Калитка открылась, и на нас глянули хмурые глаза пожилого грузного человека, в диковинных полосатых куртке и штанах, в белых начальнических бурках, бывших тогда в моде, — больше ничего из внешности его я не помню.
— Здравствуйте… — Отец крепко сжимал мою руку, забывшись, и я подергал ее, напоминая о себе, и чуть не заплакал, так больно было.
— Ну, здравствуйте… А в чем дело? Вы к кому?
— Я… мне Прохорова. Я к тебе, папань. Я Пашка.
Брови у человека дрогнули, он внимательно глянул. Еще раз посмотрел, щурясь, темнея одутловатым лицом и горбясь, оглянулся зачем-то назад. Отец все ждал.

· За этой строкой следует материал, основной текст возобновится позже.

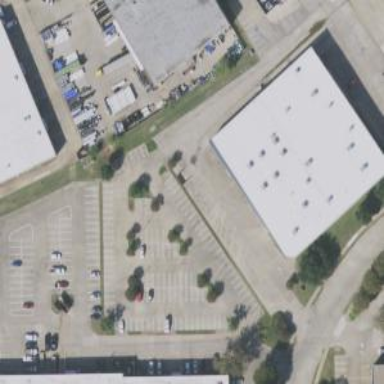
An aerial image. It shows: Commercial building.
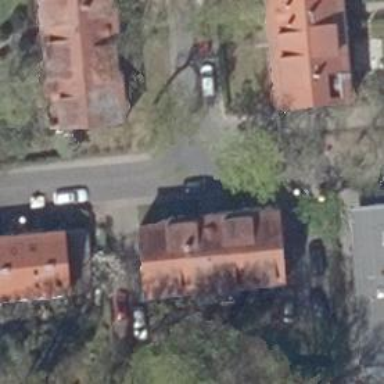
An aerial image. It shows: Residential road with asphalt surface. There are sidewalks on both sides of the road.
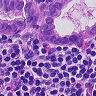
Metastatic tissue present: yes
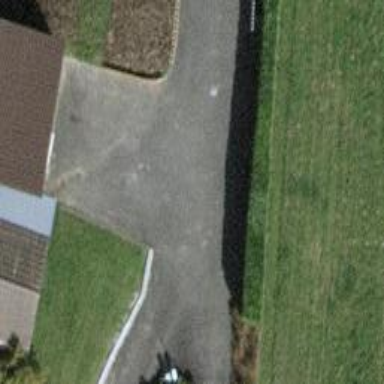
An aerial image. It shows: Driveway leading to service road.
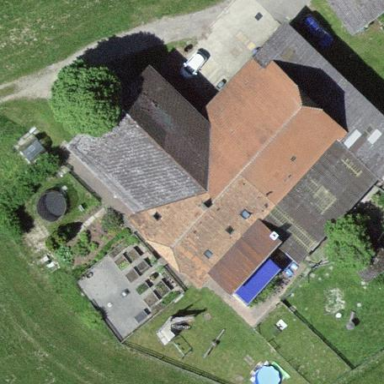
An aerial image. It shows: Farm building.
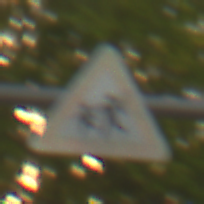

— А и правда — Пашка… — без удивления, будто самому себе, другому какому-то, сказал дед. И посторонился, коротко и решительно мотнул седой, остриженной под бобрик головой в глубь двора. — Что ж, проходи, раз приехал… Проходи, гость!
Что и как было дальше — почти неизвестно. Отец мало говорил об этом после, а я не помню; будто этим «Проходи, гость»… отсеклось что-то в моей памяти, будто меня, жаждавшего воды напиться, вместо того утопили как кутенка в этой воде. Все, на что я смотрел во все глаза, оказалось столь многим, резким и новым, что я все забыл. Осталось лишь, как дед что-то замешкался в просторных светлых сенях (а может, это верандой было), держа руку на скобке двери, и вдруг повернулся к отцу, и они обнялись, отец зарыдал и быстро смолк. Потом отец, прямой и бледный, сидел за столом, бутылка стояла, а дед что-то говорил женщине; иногда очень строго, как мне казалось, смотрел на меня и заставлял кушать, и было ощущение тягости и неловкости от такой жизни и желание остаться одним, как на вокзале. В одно время мне казалось, что мы пробыли там долго, так, что мне стало тоскливо и подневольно и тянуло из комнат наружу, на воздух — сидеть во дворе и смотреть издалека на собаку, чтобы никто не обращал на тебя так много внимания, не заставлял кушать и листать какие-то книжки; а еще больше хотелось пропасть отсюда и очутиться дома, и там ждать, когда папка, наконец, кончит свое дело и приедет поскорее.
Оказывается, мы пробыли там до вечера и не ночевали. Женщина плакала, отец уговаривал ее, а потом увел меня, мы снова очутились на улице, потом в вокзальной толчее. По дороге — видно, с непривычки — я заболел какой-то пустяковой, но очень нудной болезнью, заскучал по дому и, кажется, даже плакал ночью, что так далеко я от родного. Чем-то было страшно мне это отдаление; и не избавляло от страха ни то, что мы едем к дому, спешим, ни даже присутствие и прямо какие-то нежные, непривычные заботы обо мне отца — видно, что-то почувствовал я в нем, такое же мальчишеское и беззащитное, растерянное перед жизнью, и на время перестал доверять ему себя.